Tuesday, April 15, 2014

My Point Exactly

 I have been questioned a few times about my not being able to keep quiet about my faith when I am talking to people who do not believe in God.  The link to the cartoon below sums up  my basic thinking:


http://adam4d.com/keep-it-to-yourself/

Monday, April 14, 2014

Strength for Today and Bright Hope for Tomorrow

A prayer of St Anselm – Archbishop of Canterbury (1093 – 1109)

Lord Jesus Christ; Let me seek you by desiring you,
and let me desire you by seeking you;
let me find you by loving you,
and love you in finding you.

I confess, Lord, with thanksgiving,
that you have made me in your image,
so that I can remember you, think of you, and love you.

But that image is so worn and blotted out by faults,
and darkened by the smoke of sin,
that it cannot do that for which it was made,
unless you renew and refashion it.

Lord, I am not trying to make my way to your height,
for my understanding is in no way equal to that,
but I do desire to understand a little of your truth
which my heart already believes and loves.

I do not seek to understand so that I can believe,
but I believe so that I may understand;
and what is more,
I believe that unless I do believe, I shall not understand.

Sunday, April 13, 2014

Brimming With Compliments

My husband makes me laugh more than any person on the earth.  I have another friend in another town that I used to see about 5 days a week who also is hysterically funny, but my husband reduces me to tears of laughter, often inadvertently.

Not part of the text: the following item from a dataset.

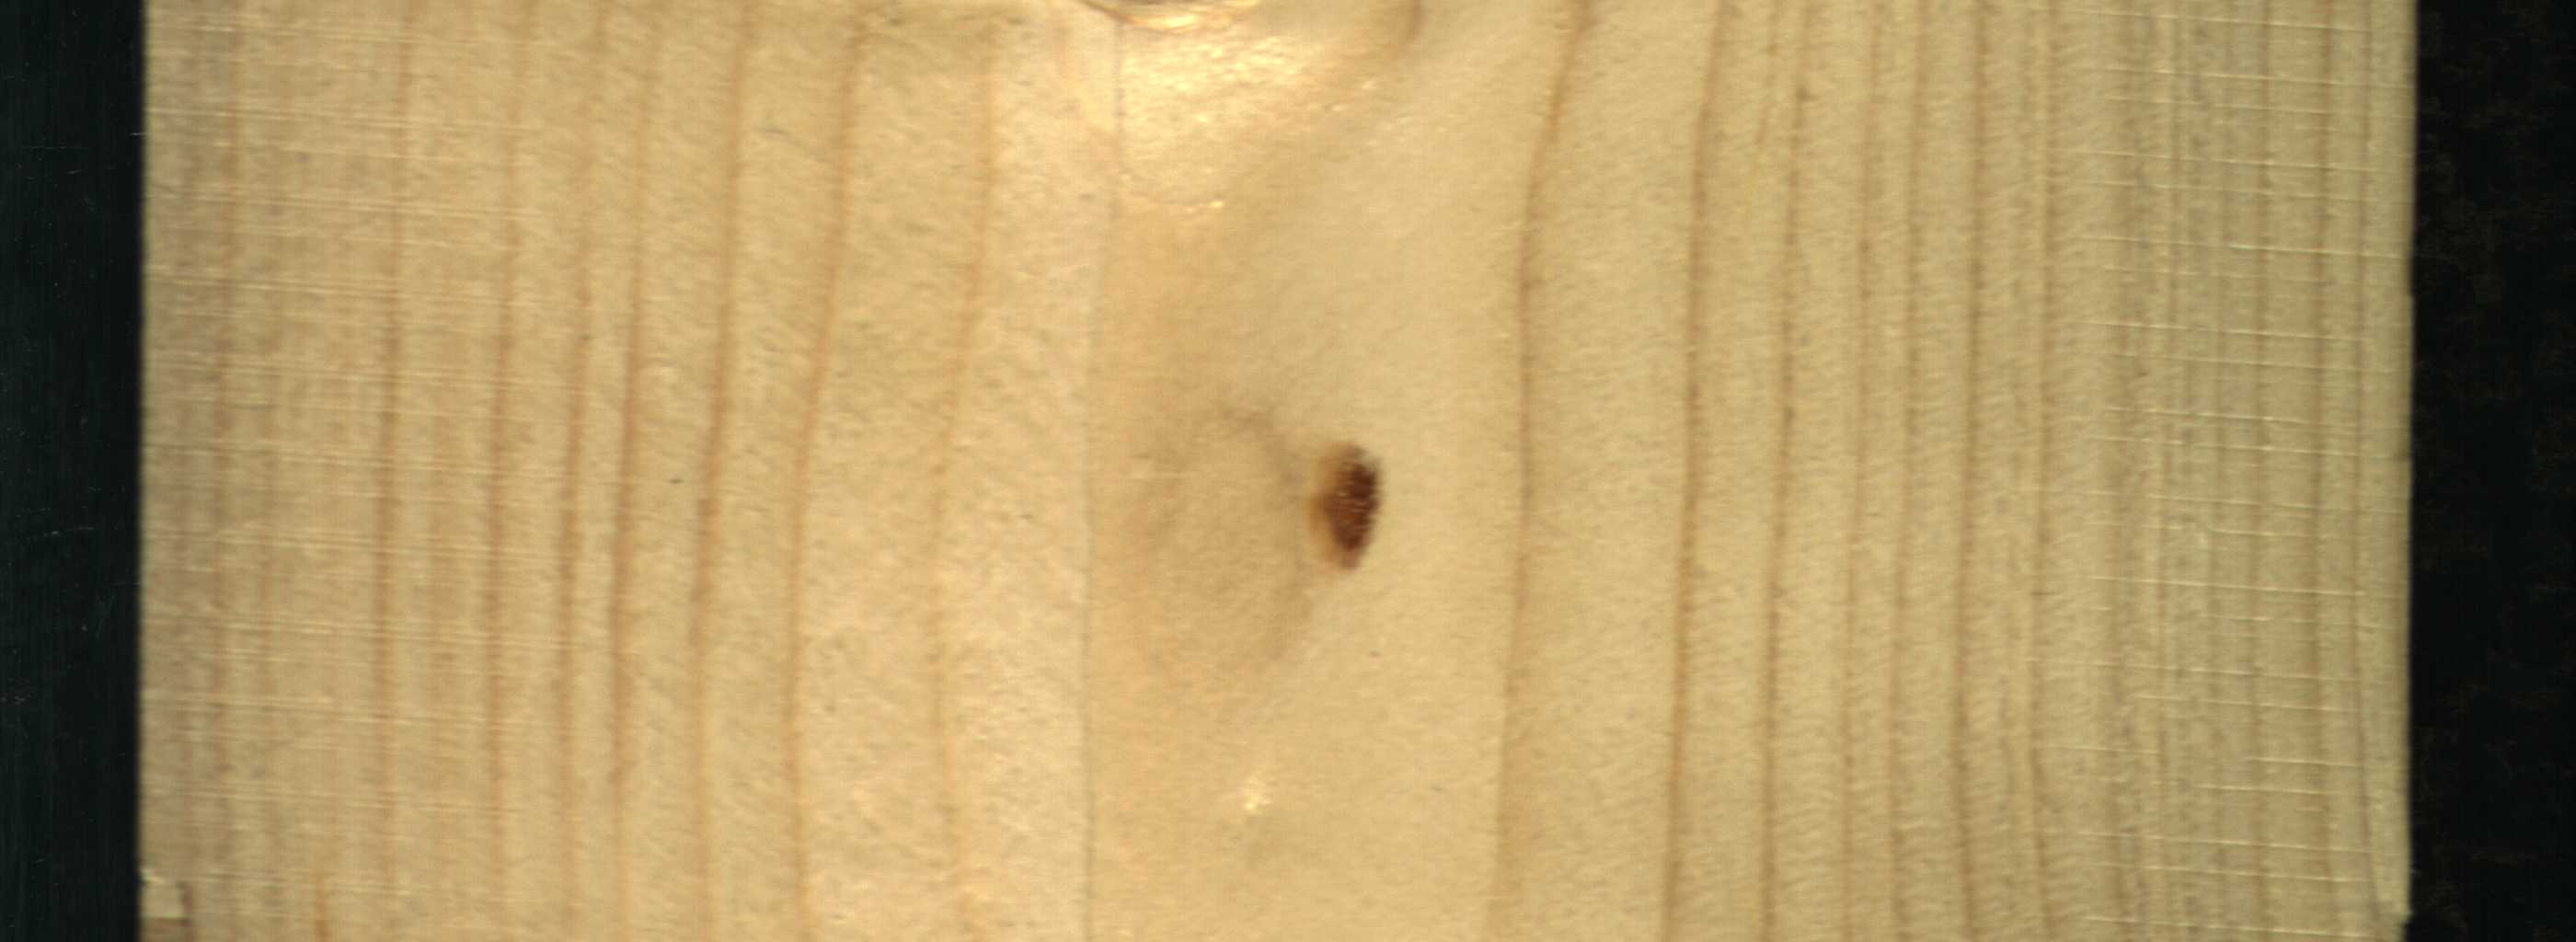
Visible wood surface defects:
resin

He has been watching my weight loss over the past few months and making encouraging comments about how it is assisting me in regaining my health, but has never ventured a word about my actual appearance....until this morning.

Those of you who know my husband's past history with his long list of girlfriends, rather serious relationships etc. prior to getting together with me, might think that he is quite socially adept with a compliment for the ladies, but you would be dead wrong.  hahaha Those of you who REALLY know him realize that deep down inside, despite his aquired pastoral social skills, he is still a prairie farm boy who is easily embarrassed by compliments,  whether given or received.

This morning he walked up to me and told me quite seriously, "O Sue, you are looking far less bulgy these days."

There you have it: the supreme compliment from my very embarrassed husband who struggles to express compliments of any kind to anyone.

I am looking less bulgy.

It doesn't get any better than that.

Not around here.

After I picked my less bulgy self off the floor and wiped the tears of laughter from my eyes, I thanked him profusely for noticing and off we went to go about our day.

Saturday, April 12, 2014

O Happy Day!

What a happy day we are having today.  It is chilly and windy outside, but inside our home it has been warm and cozy with wonderful visitors.

My husband's "second family" was with us for several hours.  We enjoyed a delicious lunch of northern pike, sandwiched between several hours of visiting.  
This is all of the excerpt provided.